Just as you have a username and password associated with your local machine, there is actually a username and password associated with your virtual machine. The default username is "vagrant", which is why we prepend the address with "vagrant@". You will be asked for a password when you hit RETURN. The default password for the vagrant username is is "vagrant". Now, a copy of script.sh will be copied from your VM to your local machine (the host). Not sure of the exact path to script.sh? Type pwd in the directory where script.sh lives and you will be given the full path. Repeat for submission2.txt. Now if you like you can open up a browser and submit your script like a rockstar. Also, for the record, you can also send files back to the VM:

~$ scp -P 2222 file_to_send vagrant@127.0.01:/home/vagrant/
And remember, you can perform a recursive copy if you want to move an entire directory to or from your VM. It is also possible perform the scp from within the VM, but it can be a bit more involved. Feel free to Google it or ask a TA if they can show you.

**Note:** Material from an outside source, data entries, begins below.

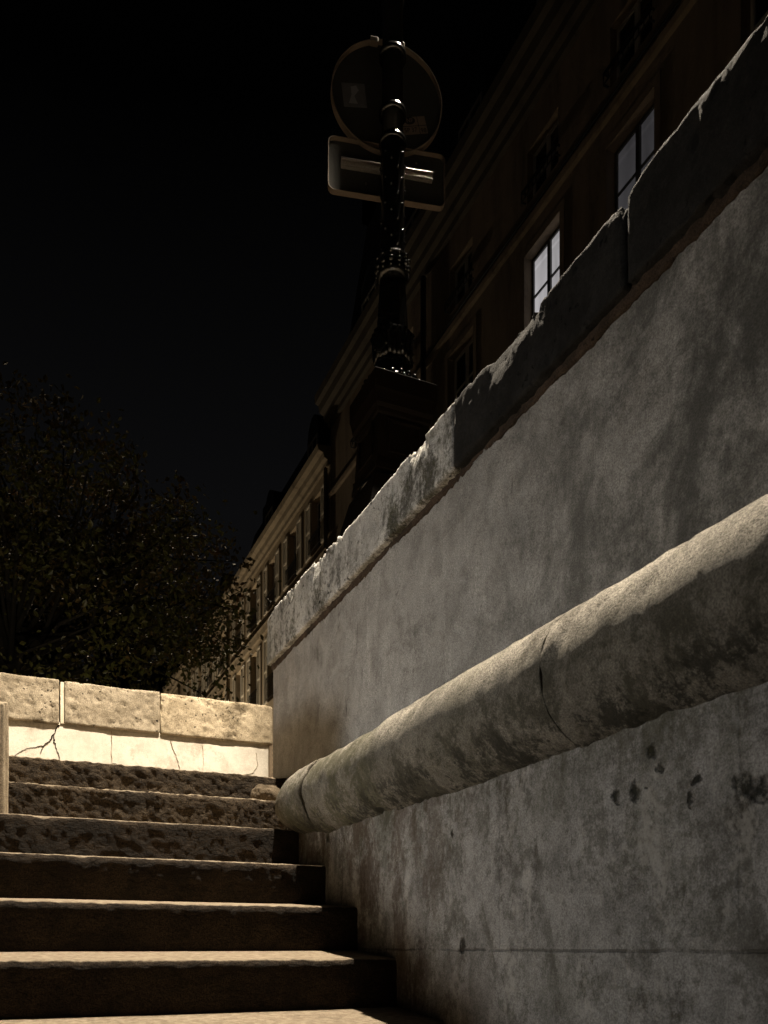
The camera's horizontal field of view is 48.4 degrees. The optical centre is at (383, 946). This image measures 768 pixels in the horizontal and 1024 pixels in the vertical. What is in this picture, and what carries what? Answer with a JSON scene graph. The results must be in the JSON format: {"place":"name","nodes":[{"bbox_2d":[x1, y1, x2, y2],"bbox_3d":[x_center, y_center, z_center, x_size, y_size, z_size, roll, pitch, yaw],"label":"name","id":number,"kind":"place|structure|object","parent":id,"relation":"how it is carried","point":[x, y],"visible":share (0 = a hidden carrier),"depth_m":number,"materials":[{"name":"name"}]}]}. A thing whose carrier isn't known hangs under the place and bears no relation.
{"place":"outdoors","nodes":[
{"label":"outdoors","id":0,"kind":"place"},
{"bbox_2d":[0,361,218,685],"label":"tree","id":1,"kind":"object","parent":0,"point":[57,425],"visible":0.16,"depth_m":22.42,"materials":[{"name":"green plant"}]},
{"bbox_2d":[0,377,281,701],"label":"tree","id":2,"kind":"object","parent":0,"point":[16,655],"visible":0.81,"depth_m":12.19,"materials":[{"name":"green plant"}]},
{"bbox_2d":[131,659,172,690],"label":"corner house","id":3,"kind":"structure","parent":0,"point":[162,668],"depth_m":60.80,"materials":[{"name":"stone"}]},
{"bbox_2d":[156,653,183,694],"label":"shuttered house","id":4,"kind":"structure","parent":0,"point":[173,690],"depth_m":49.16,"materials":[{"name":"stone"}]},
{"bbox_2d":[174,573,234,700],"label":"shuttered house","id":5,"kind":"structure","parent":0,"point":[210,688],"depth_m":40.10,"materials":[{"name":"stone"}]},
{"bbox_2d":[196,686,201,696],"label":"window","id":6,"kind":"structure","parent":5,"relation":"in","point":[197,694],"depth_m":42.46,"materials":[{"name":"brown glass"}]},
{"bbox_2d":[207,673,212,687],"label":"window","id":7,"kind":"structure","parent":5,"relation":"in","point":[209,681],"depth_m":40.31,"materials":[{"name":"brown glass"}]},
{"bbox_2d":[0,0,476,684],"label":"sky","id":8,"kind":"structure","parent":0,"point":[175,243],"materials":[{"name":"black"}]},
{"bbox_2d":[222,414,330,777],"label":"shuttered house","id":9,"kind":"structure","parent":0,"point":[291,544],"depth_m":30.32,"materials":[{"name":"stone"}]},
{"bbox_2d":[233,612,240,644],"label":"window","id":10,"kind":"structure","parent":9,"relation":"in","point":[239,634],"depth_m":36.09,"materials":[{"name":"brown glass"}]},
{"bbox_2d":[248,657,256,703],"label":"window","id":11,"kind":"structure","parent":9,"relation":"in","point":[252,693],"depth_m":33.87,"materials":[{"name":"beige glass"}]},
{"bbox_2d":[248,590,257,631],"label":"window","id":12,"kind":"structure","parent":9,"relation":"in","point":[253,624],"depth_m":33.87,"materials":[{"name":"beige glass"}]},
{"bbox_2d":[265,672,272,700],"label":"window","id":13,"kind":"structure","parent":9,"relation":"in","point":[267,679],"depth_m":31.47,"materials":[{"name":"beige glass"}]},
{"bbox_2d":[265,564,275,609],"bbox_3d":[-4.022,-13.280,31.274,0.346,1.720,1.074,0,0,-24],"label":"window","id":14,"kind":"structure","parent":9,"relation":"in","point":[267,604],"depth_m":31.68,"materials":[{"name":"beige glass"}]},
{"bbox_2d":[285,534,296,584],"bbox_3d":[-3.024,-13.280,29.037,0.346,1.720,1.074,0,0,-24],"label":"window","id":15,"kind":"structure","parent":9,"relation":"in","point":[287,579],"depth_m":29.44,"materials":[{"name":"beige glass"}]},
{"bbox_2d":[308,499,321,555],"bbox_3d":[-2.046,-13.280,26.845,0.346,1.720,1.074,0,0,-24],"label":"window","id":16,"kind":"structure","parent":9,"relation":"in","point":[318,530],"depth_m":27.13,"materials":[{"name":"beige glass"}]},
{"bbox_3d":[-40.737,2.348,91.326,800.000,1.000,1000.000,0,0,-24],"label":"quay","id":17,"kind":"structure","parent":0,"visible":0},
{"bbox_2d":[0,755,444,1023],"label":"stone staircase","id":18,"kind":"structure","parent":17,"relation":"on","point":[136,894],"depth_m":2.68,"materials":[{"name":"beige stone"}]},
{"bbox_2d":[0,701,8,812],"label":"stair curb","id":19,"kind":"structure","parent":18,"relation":"on","point":[4,755],"depth_m":2.95,"materials":[{"name":"stone"}]},
{"bbox_2d":[0,672,272,776],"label":"landing wall","id":20,"kind":"structure","parent":18,"relation":"on","point":[63,721],"depth_m":5.32,"materials":[{"name":"stone"}]},
{"bbox_2d":[250,784,279,800],"bbox_3d":[-0.528,-0.669,3.840,0.146,0.115,0.114,0,0,-24],"label":"broken stone","id":21,"kind":"object","parent":18,"relation":"on","point":[265,792],"visible":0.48,"depth_m":3.80,"materials":[{"name":"beige stone"}]},
{"bbox_2d":[275,494,767,1023],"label":"retaining wall","id":22,"kind":"structure","parent":17,"relation":"on","point":[563,818],"depth_m":1.67,"materials":[{"name":"concrete"}]},
{"bbox_2d":[267,16,767,829],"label":"parapet wall","id":23,"kind":"structure","parent":22,"relation":"on","point":[601,424],"depth_m":1.97,"materials":[{"name":"concrete"}]},
{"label":"street","id":24,"kind":"structure","parent":0,"visible":0},
{"bbox_2d":[0,453,275,689],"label":"tree","id":25,"kind":"object","parent":24,"relation":"on","point":[128,537],"visible":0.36,"depth_m":18.61,"materials":[{"name":"green plant"}]},
{"bbox_2d":[340,0,436,535],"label":"street lamp","id":26,"kind":"object","parent":24,"relation":"on","point":[393,407],"visible":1,"depth_m":4.65,"materials":[{"name":"black metal"}]},
{"bbox_2d":[330,36,441,156],"bbox_3d":[0.031,-4.785,4.754,0.636,0.636,0.204,0,0,-11],"label":"round sign","id":27,"kind":"object","parent":26,"relation":"attached to","point":[359,108],"visible":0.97,"depth_m":4.82,"materials":[{"name":"grey metal"}]},
{"bbox_2d":[328,129,444,211],"bbox_3d":[0.031,-4.365,4.751,0.670,0.300,0.200,0,0,-11],"label":"panel sign","id":28,"kind":"object","parent":26,"relation":"attached to","point":[353,169],"visible":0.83,"depth_m":4.82,"materials":[{"name":"metal"}]},
{"bbox_2d":[314,0,767,545],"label":"townhouse","id":29,"kind":"structure","parent":24,"relation":"on","point":[561,121],"depth_m":16.14,"materials":[{"name":"brown paint"}]},
{"bbox_2d":[350,436,354,447],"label":"window","id":30,"kind":"structure","parent":29,"relation":"in","point":[352,441],"depth_m":23.86,"materials":[{"name":"black glass"}]},
{"bbox_2d":[445,248,473,313],"bbox_3d":[1.691,-14.410,18.405,0.296,0.980,1.104,0,0,-24],"label":"window","id":31,"kind":"structure","parent":29,"relation":"in","point":[463,275],"depth_m":18.51,"materials":[{"name":"black glass"}]},
{"bbox_2d":[454,338,472,402],"bbox_3d":[1.811,-11.880,18.459,0.072,2.200,1.120,0,0,-24],"label":"window","id":32,"kind":"structure","parent":29,"relation":"in","point":[463,364],"depth_m":18.65,"materials":[{"name":"black glass"}]},
{"bbox_2d":[521,119,559,204],"bbox_3d":[2.929,-14.410,15.629,0.296,0.980,1.104,0,0,-24],"label":"window","id":33,"kind":"structure","parent":29,"relation":"in","point":[545,158],"depth_m":15.69,"materials":[{"name":"black glass"}]},
{"bbox_2d":[532,226,558,315],"bbox_3d":[3.050,-11.880,15.683,0.072,2.200,1.120,0,0,-24],"label":"window","id":34,"kind":"structure","parent":29,"relation":"in","point":[545,265],"depth_m":15.83,"materials":[{"name":"white glass"}]},
{"bbox_2d":[603,0,654,88],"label":"window","id":35,"kind":"structure","parent":29,"relation":"in","point":[637,25],"depth_m":13.51,"materials":[{"name":"black glass"}]},
{"bbox_2d":[615,103,653,212],"bbox_3d":[4.028,-11.880,13.491,0.072,2.200,1.120,0,0,-24],"label":"window","id":36,"kind":"structure","parent":29,"relation":"in","point":[636,152],"depth_m":13.62,"materials":[{"name":"black"}]},
{"bbox_2d":[751,0,767,33],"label":"window","id":37,"kind":"structure","parent":29,"relation":"in","point":[759,8],"depth_m":11.37,"materials":[{"name":"black glass"}]}
]}

Postscript: For the adventurous

Take a look at this script, which prompts for a directory name if there is no poems directory, and then uses that name in variable form throughout the script.

#! /bin/bash

# fancier script than the one before

if [ ! -d "poems" ];
then
    echo "What directory should I be using? "
    read dirname
    ls $dirname/* # etc. etc.
fi
Indeed, a script can be far more powerful than simply a series of command lines! If you ever find yourself performing the same task again and again, replace yourself with a small shell script, seriously.

More Info

For more info on UNIX, see man, and the UNIX appendix to All of Programming by Andrew Hilton and Anne Bracy.